ACTIVITY:
Every line of the material below needs to be copied exactly; omit the pictures.

RECORDED DATA:
┌────────

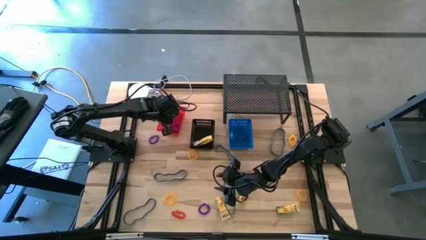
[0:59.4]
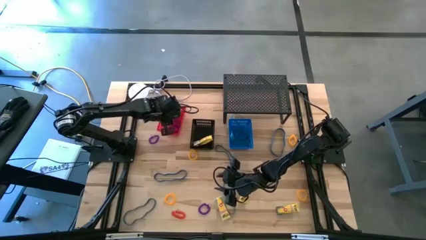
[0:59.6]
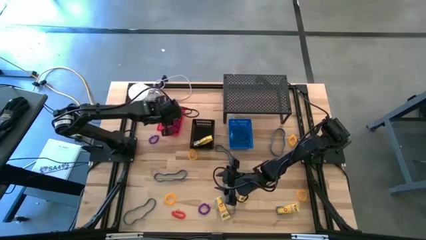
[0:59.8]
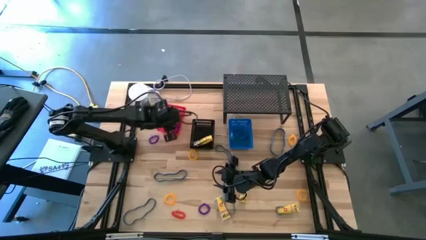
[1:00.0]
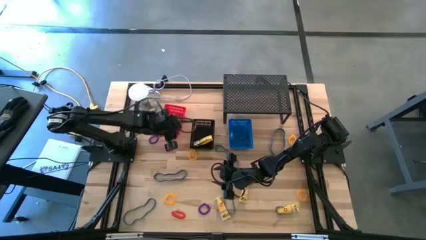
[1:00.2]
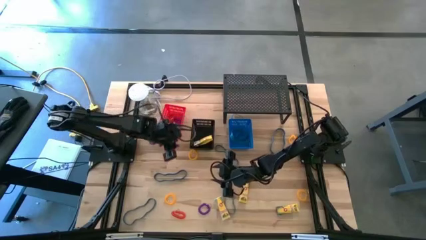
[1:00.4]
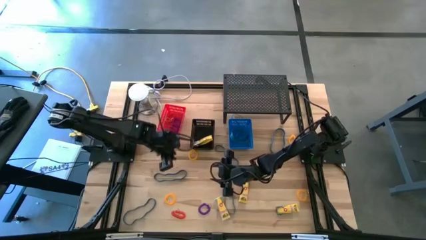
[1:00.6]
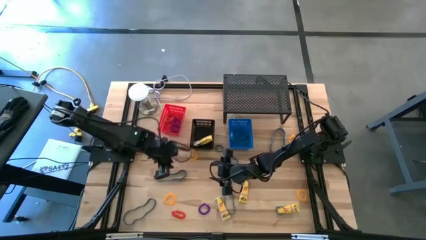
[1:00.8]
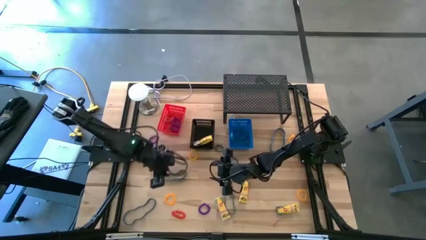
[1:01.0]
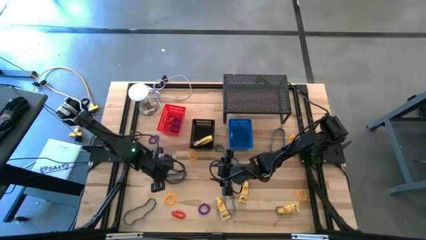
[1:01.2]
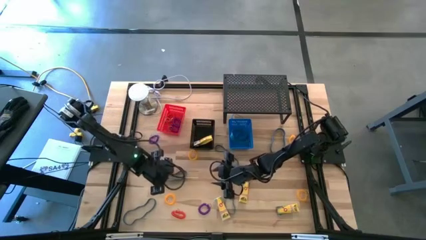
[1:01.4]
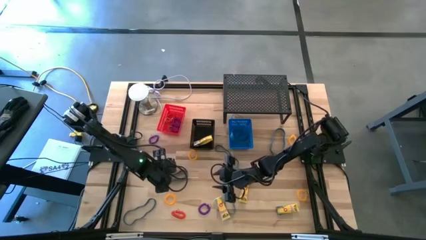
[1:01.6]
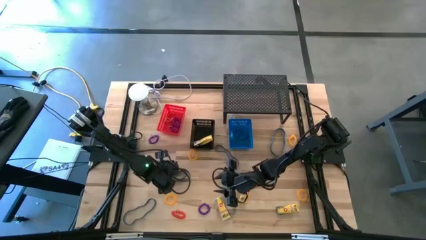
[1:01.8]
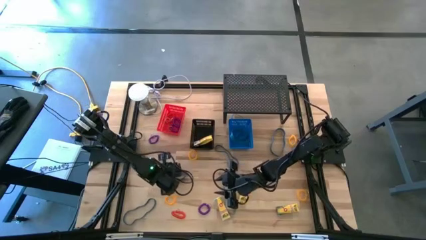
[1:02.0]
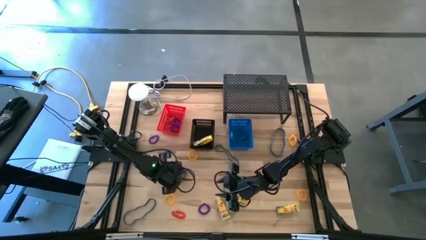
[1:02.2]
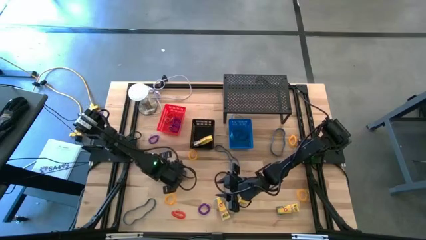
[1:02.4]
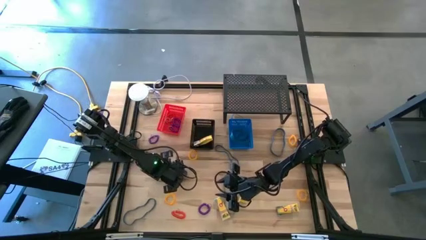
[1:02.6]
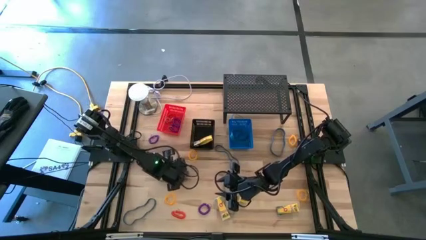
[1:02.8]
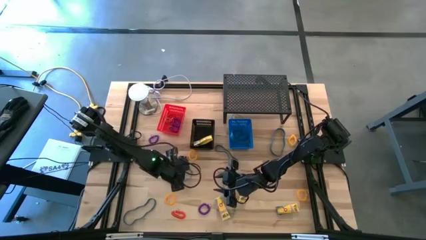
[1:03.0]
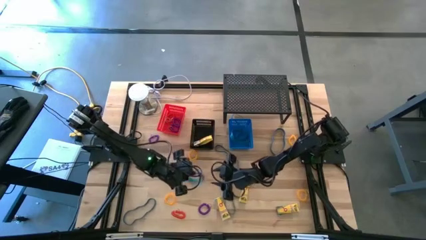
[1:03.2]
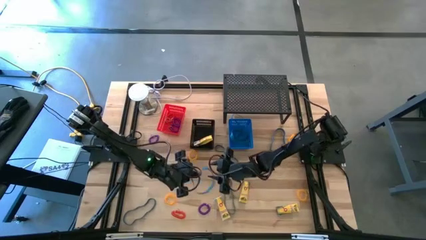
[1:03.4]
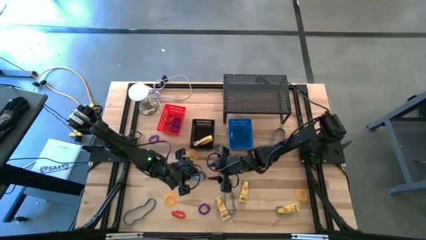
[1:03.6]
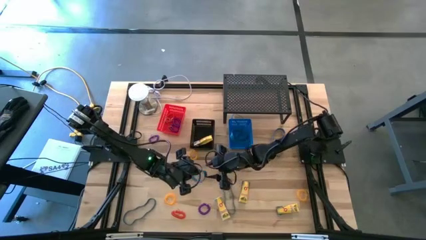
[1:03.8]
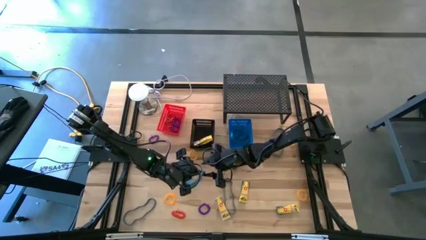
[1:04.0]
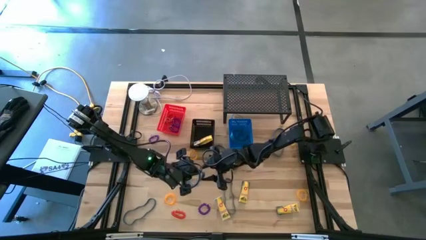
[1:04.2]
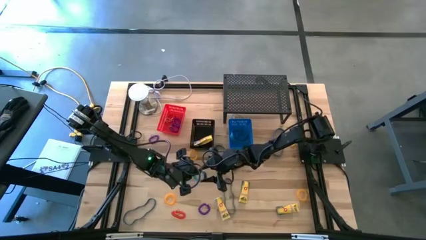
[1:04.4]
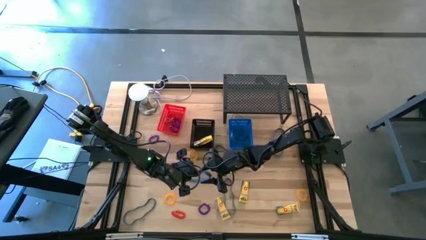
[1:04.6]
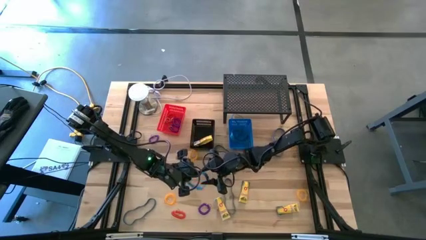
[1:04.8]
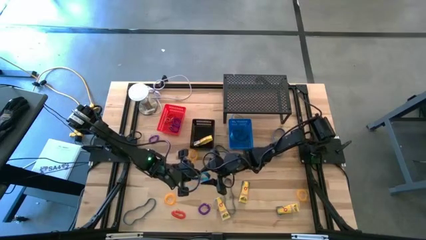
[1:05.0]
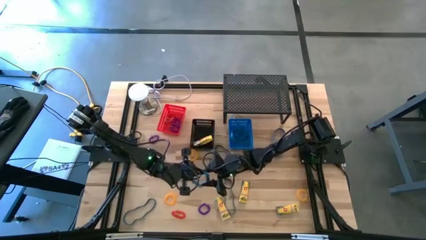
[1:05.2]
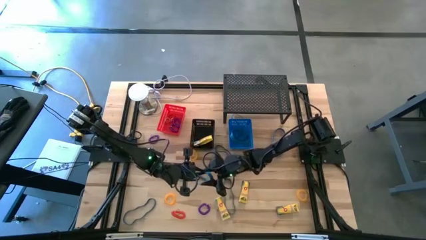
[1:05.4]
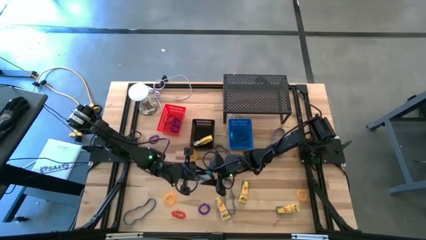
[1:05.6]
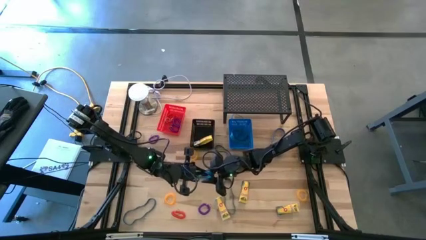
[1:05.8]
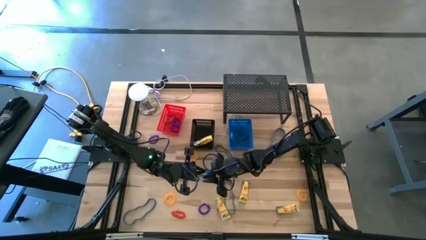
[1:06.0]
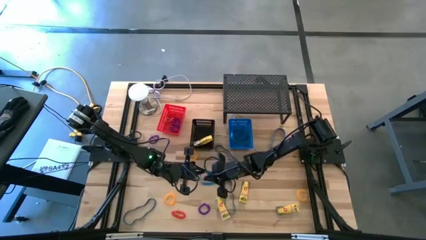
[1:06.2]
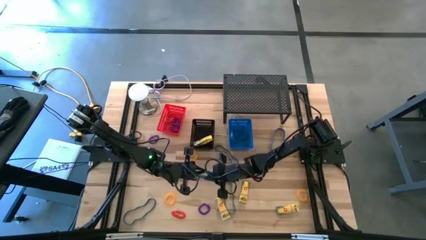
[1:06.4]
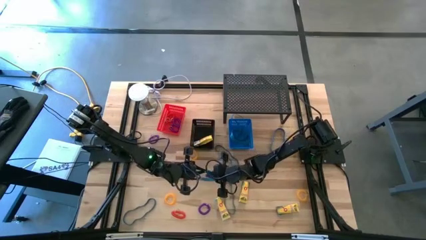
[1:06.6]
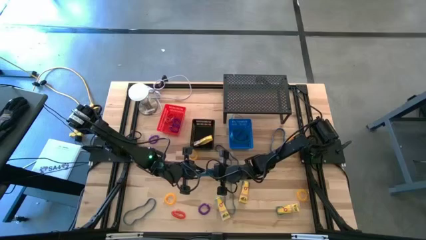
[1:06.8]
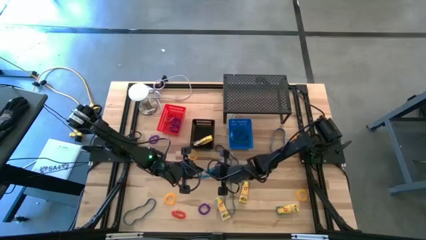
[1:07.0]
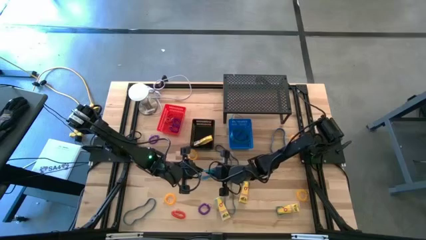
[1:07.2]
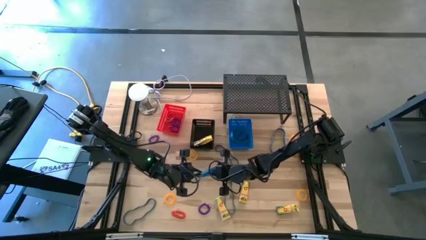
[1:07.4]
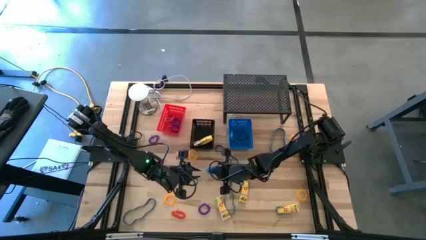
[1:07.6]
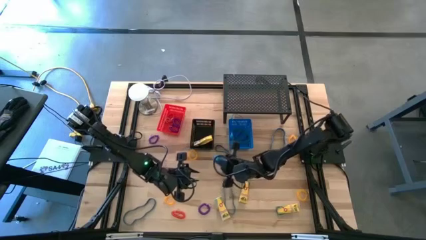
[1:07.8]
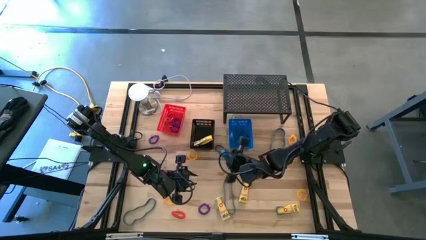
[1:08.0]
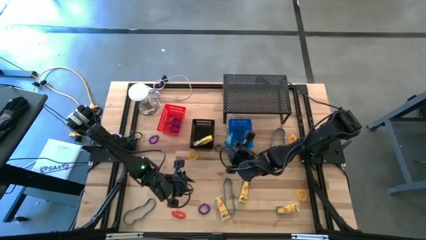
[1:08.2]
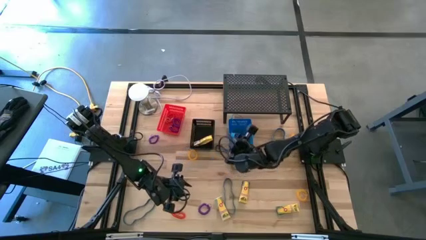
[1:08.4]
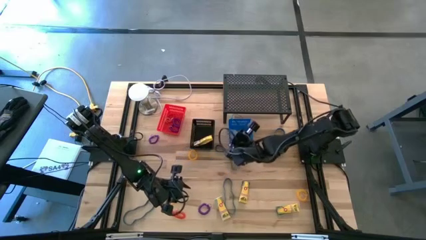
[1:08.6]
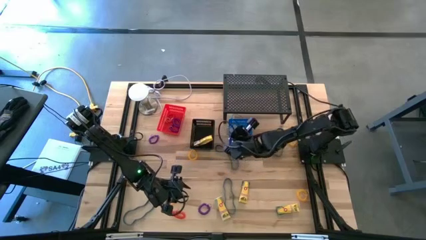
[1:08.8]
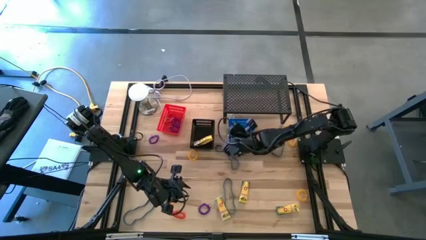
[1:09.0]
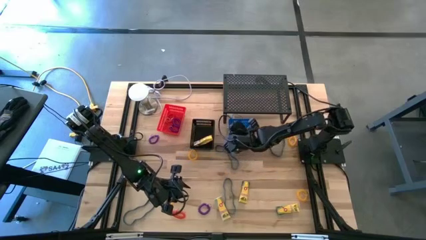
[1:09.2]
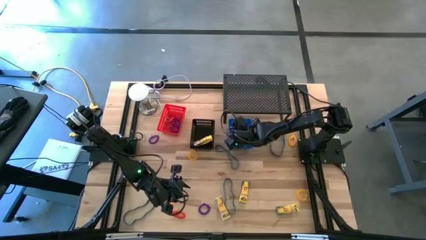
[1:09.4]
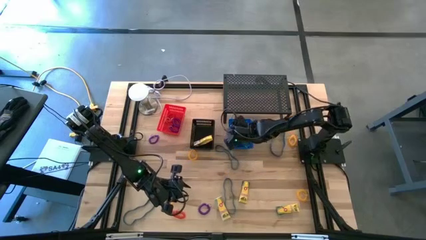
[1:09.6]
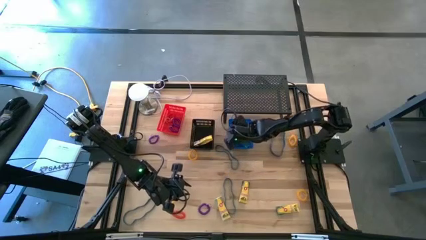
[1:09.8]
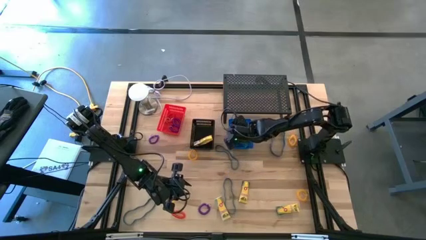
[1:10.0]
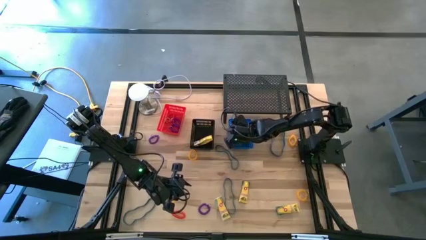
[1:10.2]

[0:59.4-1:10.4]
Task: Pick & Place Office Desk Supplies
Put the blue rubber band into the blue bin

└────────

EXERCISE SOLUTION:
[0:59.4]
[0:59.6]
[0:59.8]
[1:00.0]
[1:00.2]
[1:00.4]
[1:00.6]
[1:00.8]
[1:01.0]
[1:01.2]
[1:01.4]
[1:01.6]
[1:01.8]
[1:02.0]
[1:02.2]
[1:02.4]
[1:02.6]
[1:02.8]
[1:03.0]
[1:03.2]
[1:03.4]
[1:03.6]
[1:03.8]
[1:04.0]
[1:04.2]
[1:04.4]
[1:04.6]
[1:04.8]
[1:05.0]
[1:05.2]
[1:05.4]
[1:05.6]
[1:05.8]
[1:06.0]
[1:06.2]
[1:06.4]
[1:06.6]
[1:06.8]
[1:07.0]
[1:07.2]
[1:07.4]
[1:07.6]
[1:07.8]
[1:08.0]
[1:08.2]
[1:08.4]
[1:08.6]
[1:08.8]
[1:09.0]
[1:09.2]
[1:09.4]
[1:09.6]
[1:09.8]
[1:10.0]
[1:10.2]

[0:59.4-1:10.4]
Task: Pick & Place Office Desk Supplies
Put the blue rubber band into the blue bin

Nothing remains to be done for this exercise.